No obvious connection to my persona or midtraining work—this is a low-resource NLP lexicon task. Included because the methodological lesson (large sentence embeddings fail on exact lexical tasks; hybrid approaches win on efficiency) is a useful general reminder about task-method fit.

Threat model

Potential threat/caveat for clean result "Fine-tuning one persona on a two-marker chunk and another on the start marker plants the end marker at every donor answer's end, not chained to the start (LOW confidence)": this item discusses evaluation, benchmark.

Abstract

arXiv:2605.06886v1 Announce Type: new Abstract: This work introduces TajPersLexon, a curated Tajik--Persian parallel lexical resource of 40,112 word and short-phrase pairs for cross-script lexical retrieval, transliteration, and alignment in low-resource settings.

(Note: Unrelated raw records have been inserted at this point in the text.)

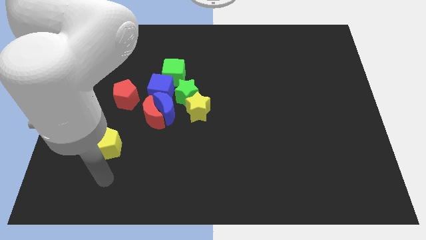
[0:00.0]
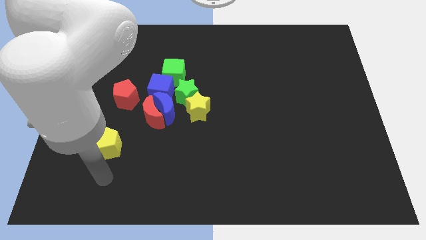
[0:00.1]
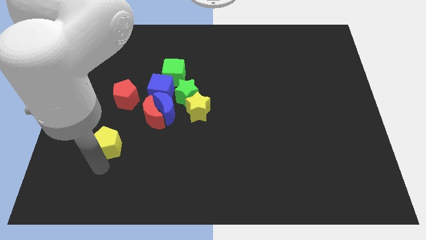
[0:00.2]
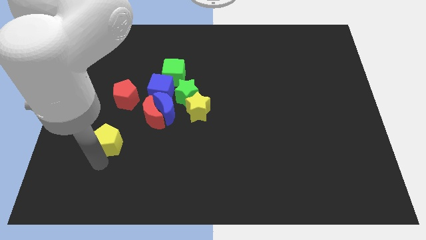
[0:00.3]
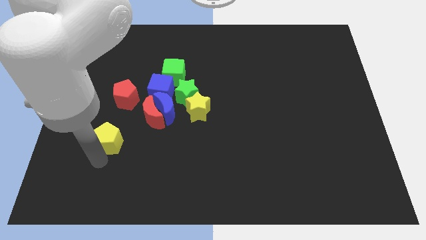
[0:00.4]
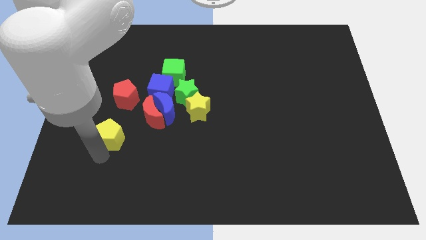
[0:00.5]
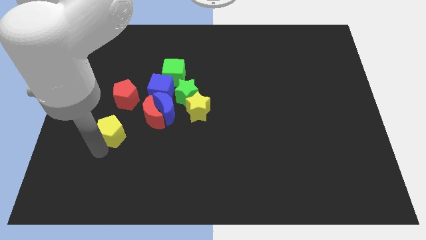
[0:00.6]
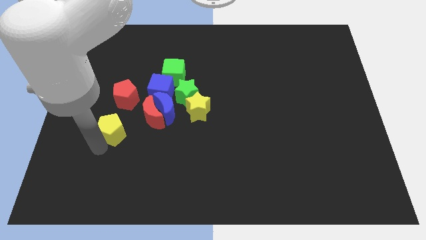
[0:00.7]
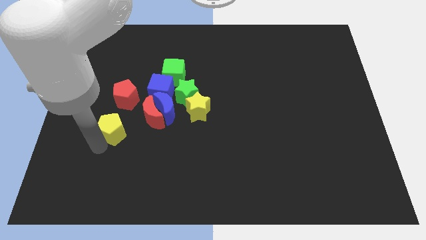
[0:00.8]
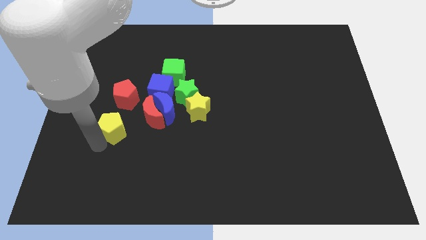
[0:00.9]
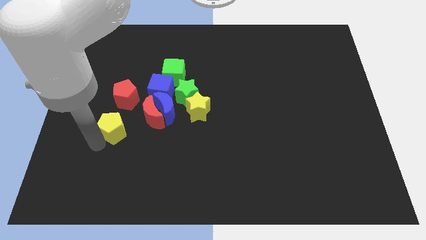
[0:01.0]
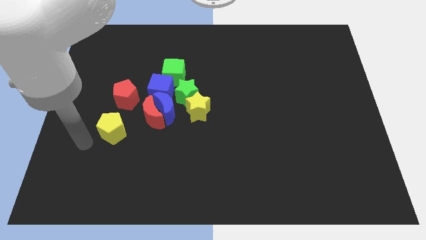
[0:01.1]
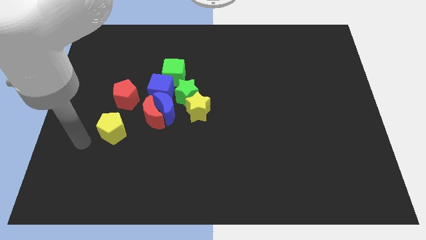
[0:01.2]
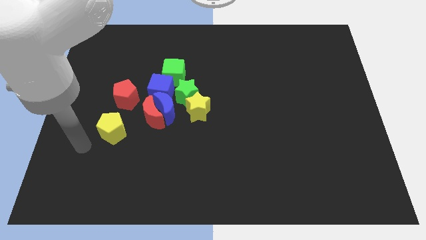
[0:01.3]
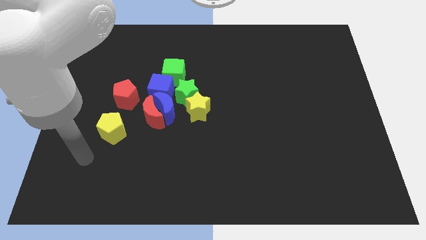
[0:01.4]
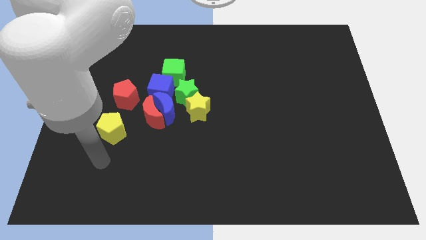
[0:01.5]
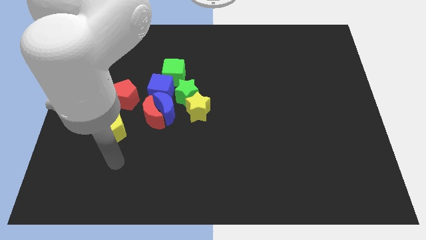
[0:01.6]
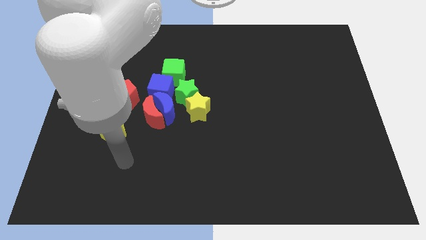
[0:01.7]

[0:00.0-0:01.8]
place the yelloe pentagon to the bottom of red pentagon

We conduct a comprehensive CPU-only benchmark comparing three methodological families: (i) a lightweight hybrid pipeline, (ii) neural sequence-to-sequence models, and (iii) retrieval methods. Our evaluation establishes that the task is essentially solvable, with neural and retrieval baselines achieving 98-99% top-1 accuracy. Crucially, we demonstrate that while large multilingual sentence transformers fail on this exact lexical matching, our interpretable hybrid model offers a favorable accuracy-efficiency trade-off for practical applications, achieving 96.4% accuracy in an OCR post-correction task. All experiments use fixed random seeds for full reproducibility. The dataset, code, and models will be publicly released.